Son contrat au MPI achevé, les impératifs familiaux, la naissance de sa petite fille Clara ont, heureusement pour nous, infléchi le parcours de Maya. En 1992, elle est brillamment intégrée au CNRS dans mon équipe, au sein du Laboratoire de Psychologie Expérimentale de Paris 5. Quelques années plus tard, partir de 1995, elle va participer avec l’énergie qu’on lui connaît à la création d’abord à Paris puis à Boulogne, d’un nouveau laboratoire de Paris 5 associé au CNRS, le Laboratoire Cognition et Développement que j’ai eu l’honneur de diriger pendant une douzaine d’années. Dans ce laboratoire, elle a, à tour de rôle avec Dominique Bassano, assuré la direction de l’équipe Psycholinguistique développementale. Au cours de toutes ces années, Maya a soutenu son HDR et est devenue en 2000 Directrice de recherche au CNRS. Forte des réseaux scientifiques qu’elle a su construire et animer avec beaucoup de talent et de détermination, elle a engagé l’exploration d’un thème interdisciplinaire de grande envergure, celui des relations entre le Langage et la Cognition, à travers le développement du langage spatial, depuis son émergence jusqu’aux dysfonctionnements chez l’adulte.
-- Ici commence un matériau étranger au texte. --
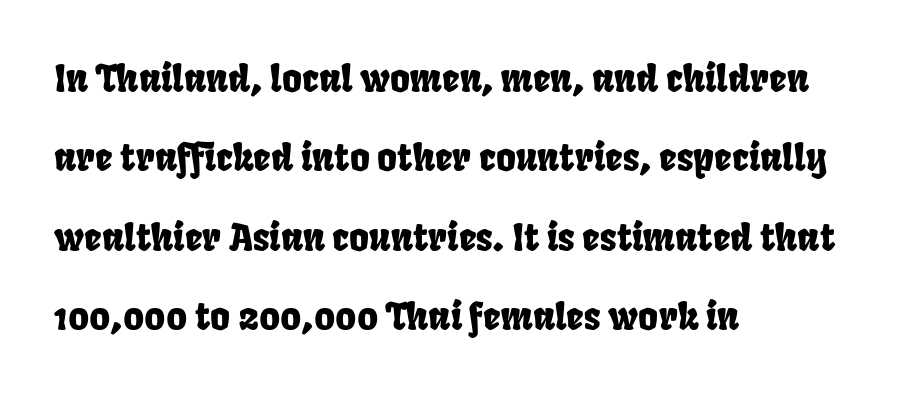
Q: Is the typeface a serif or a sans-serif typeface? A: Sans-serif.
Q: Is the text underlined? A: No.
Q: How is the paragraph aligned? A: Left-aligned.
Q: Is the spacing between letters normal or unusually wide? A: Normal.
Q: Is the spacing between lines tight, normal or loose? A: Loose.
Q: Width (condensed, normal, or wide)? A: Condensed.
Q: Stroke contrast? A: Low.
Q: x-height? A: Large.
Q: Monospaced? A: No.
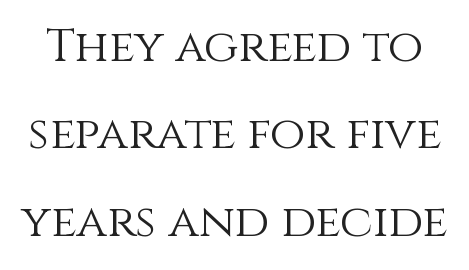
The face used here is proportionally spaced, like ordinary book or web type. Notice the wide empty band between every row — that's loose leading. The letters sit at their default tracking, neither squeezed nor spread. Each row of text sits above clean, open space.
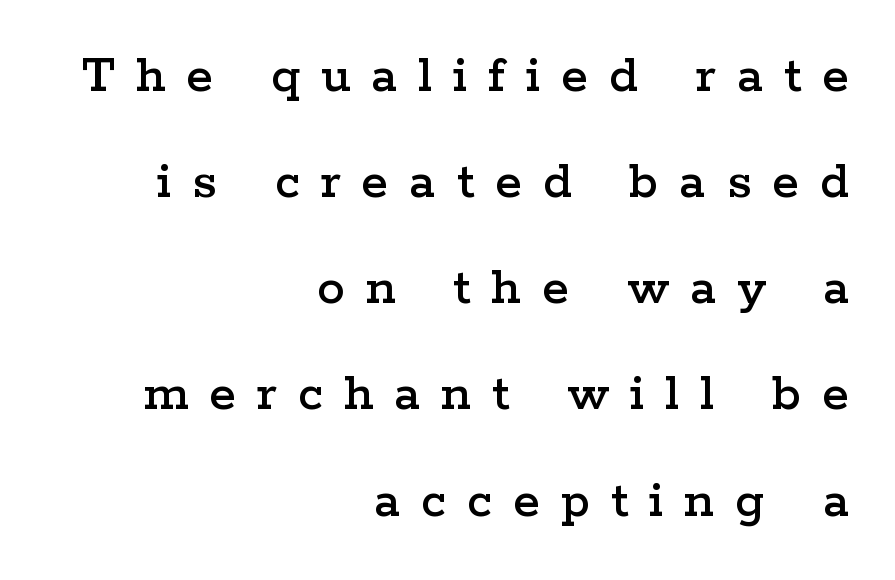
{"serif": "yes", "italic": "no", "width": "wide", "stroke_contrast": "low", "x_height": "medium", "monospaced": "no", "underline": "no", "align": "right", "line_spacing": "loose", "line_spacing_ratio": 1.93, "letter_spacing": "wide", "letter_spacing_em": 0.38, "glyph_px": 55}
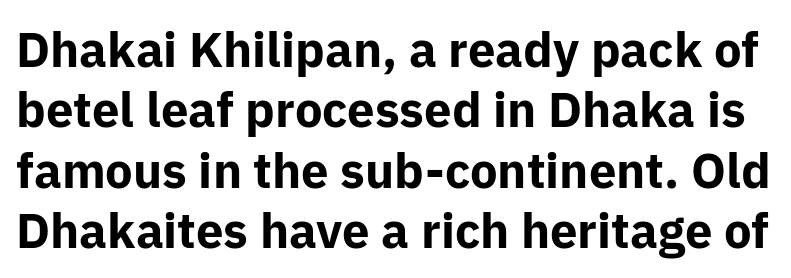
{"serif": "no", "italic": "no", "bold": "yes", "weight": "bold", "width": "normal", "stroke_contrast": "low", "x_height": "medium", "monospaced": "no", "underline": "no", "line_spacing_ratio": 1.23, "letter_spacing": "normal", "letter_spacing_em": 0.0, "glyph_px": 49}
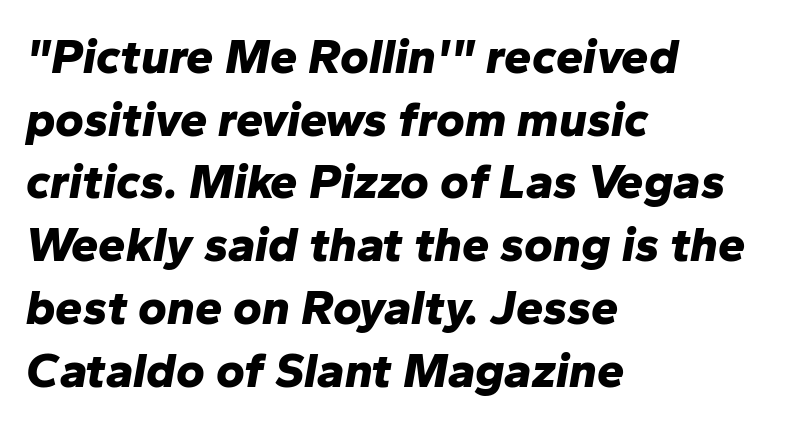
The image shows 49 px bold type, italic (leaning right); set left-aligned, normal line spacing (1.28x), normal letter spacing, not underlined; low stroke contrast and a medium x-height.
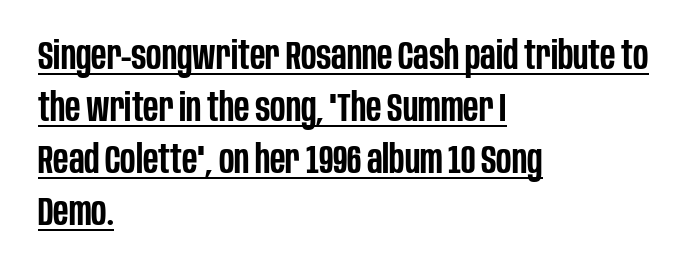
Honestly, the letter spacing is just normal — you wouldn't notice it. Regarding serifs, this sample does without them. This sample uses an upright cut, with every glyph sitting square on the baseline. Check the space under the baseline: a stroke is drawn there. Do the characters align in a grid? No, the font is proportional.
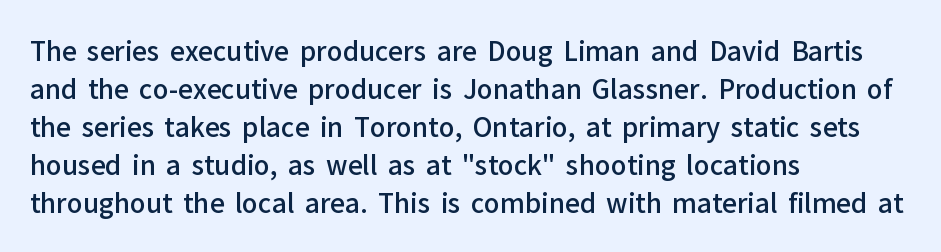
Q: Is the text bold? A: Semi-bold.
Q: Is the text italic (slanted)? A: No, it is upright.
Q: Is the text underlined? A: No.
Q: How is the paragraph aligned? A: Left-aligned.
Q: Is the spacing between letters normal or unusually wide? A: Normal.
Q: Is the spacing between lines tight, normal or loose? A: Normal.
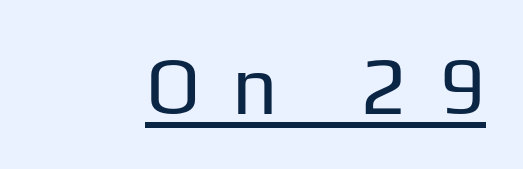
The image shows 80 px regular-weight sans-serif type, upright; set unusually wide letter spacing (+0.4 em), underlined; low stroke contrast and a medium x-height.
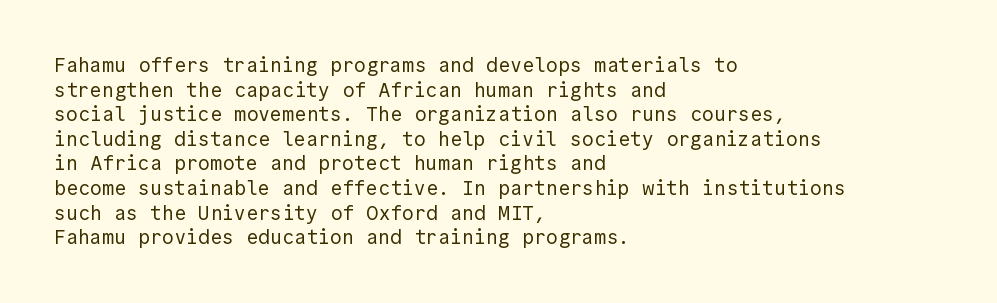
Q: Is the text bold? A: No.
Q: Is the text italic (slanted)? A: No, it is upright.
Q: Is the text underlined? A: No.
Q: How is the paragraph aligned? A: Left-aligned.
Q: Is the spacing between letters normal or unusually wide? A: Normal.
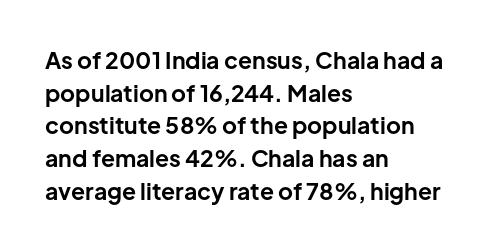
The image shows 23 px bold type, upright; set left-aligned, normal line spacing (1.42x), normal letter spacing, not underlined.
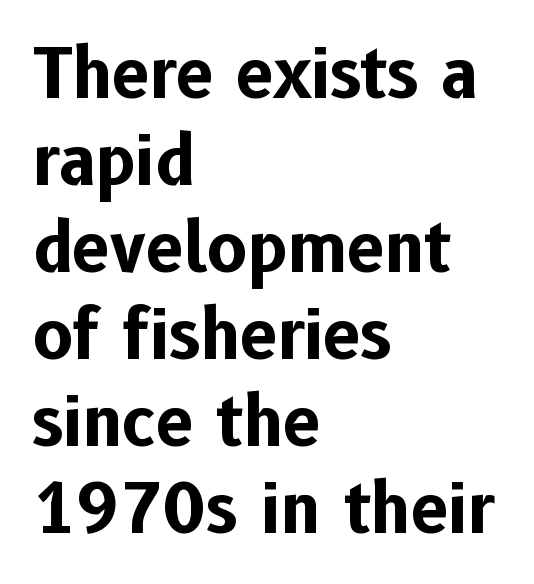
Does the weight exceed regular? Yes, all the way to bold. Posture: vertical. Nobody touched the tracking dial on this one. The font family rendered here belongs to the sans-serif group. Short and long lines alike share a common starting point at left. The face used here is proportionally spaced, like ordinary book or web type.
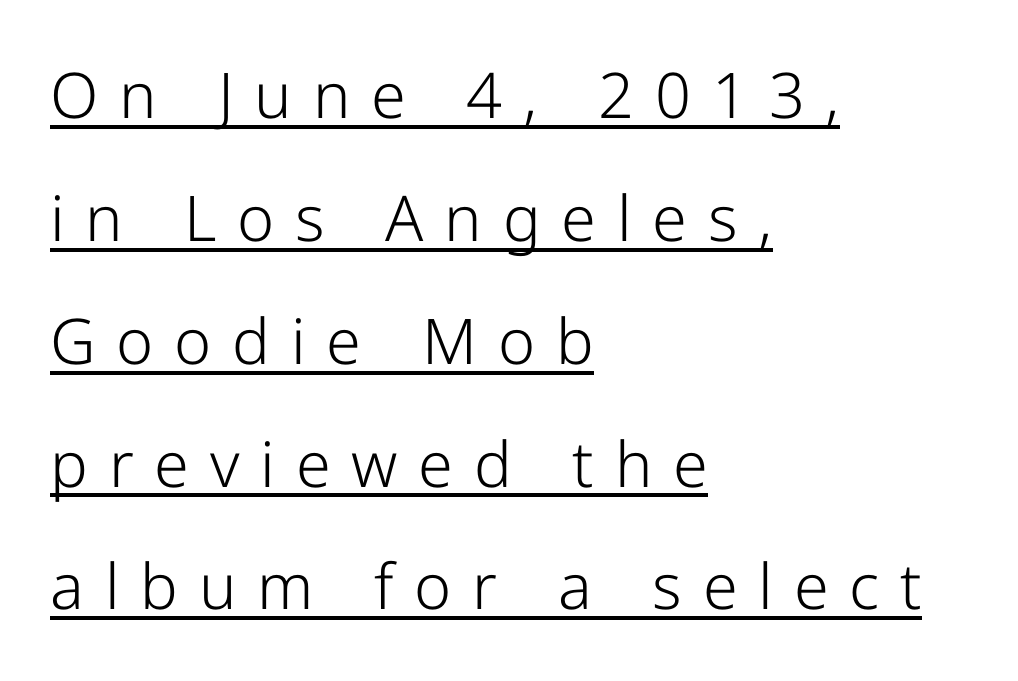
Q: Is the text bold? A: No.
Q: Is the text italic (slanted)? A: No, it is upright.
Q: Is the typeface a serif or a sans-serif typeface? A: Sans-serif.
Q: Is the text underlined? A: Yes.
Q: How is the paragraph aligned? A: Left-aligned.
Q: Is the spacing between letters normal or unusually wide? A: Unusually wide.
Q: Is the spacing between lines tight, normal or loose? A: Loose.
Q: Width (condensed, normal, or wide)? A: Normal.
Q: Stroke contrast? A: Low.
Q: x-height? A: Medium.
Q: Monospaced? A: No.

Publications, Co -organisations de colloques internationaux, obtention de nombreux contrats, organisation du GDR ADyloc, outil de visibilité de la recherche sur l’acquisition du langage en France, encadrement de thèses. Pour le dire en condensé, Maya a été présente sur tous les fronts sans exception. Même celui du rire et des fous rires.

En 2005, de très graves turbulences institututionnelles à l’Université de Paris 5 ont fragilisé grandement le langage et l’alliance entre psychologie cognitive et linguistique que représente la Psycholinguistique. Maya, avec d’autres collègues – dont Clive Perdue alors directeur du laboratoire CNRS Structures formelles du langage à Paris 8 - ont eu la lucidité d’analyser cette situation critique et le courage de comprendre que la psycholinguistique devait continuer mais ailleurs.

A l’issue d’un processus complexe impliquant tous les acteurs, de nouveaux locaux d’expérimentation et des bureaux ont été attribués pour cette opération au Centre Pouchet.

En tant que Directrice Scientifique Adjointe pour la Linguistique et les Sciences Cognitives au CNRS, en charge du dossier dit Pouchet, je sais que l’on peut remercier Maya et Clive d’avoir permis l’émergence d’un laboratoire élargi, mieux préparé aux difficiles enjeux de l’interdisciplinarité.

En terminant l’évocation de cette partie du magnifique parcours de Maya, pour nous qui sommes fiers de notre discipline, qui sommes fiers d’avoir connu Maya, c’est non seulement une grande scientifique qui vient de nous quitter mais une amie chère, une personne généreuse, attentive aux autres et qui aimait tant la vie.

Moi, je garde vivante l’image de la femme lumineuse que j’ai rencontrée et qu’elle n’a cessé d’être, fidèle à elle -même et fidèle aux autres.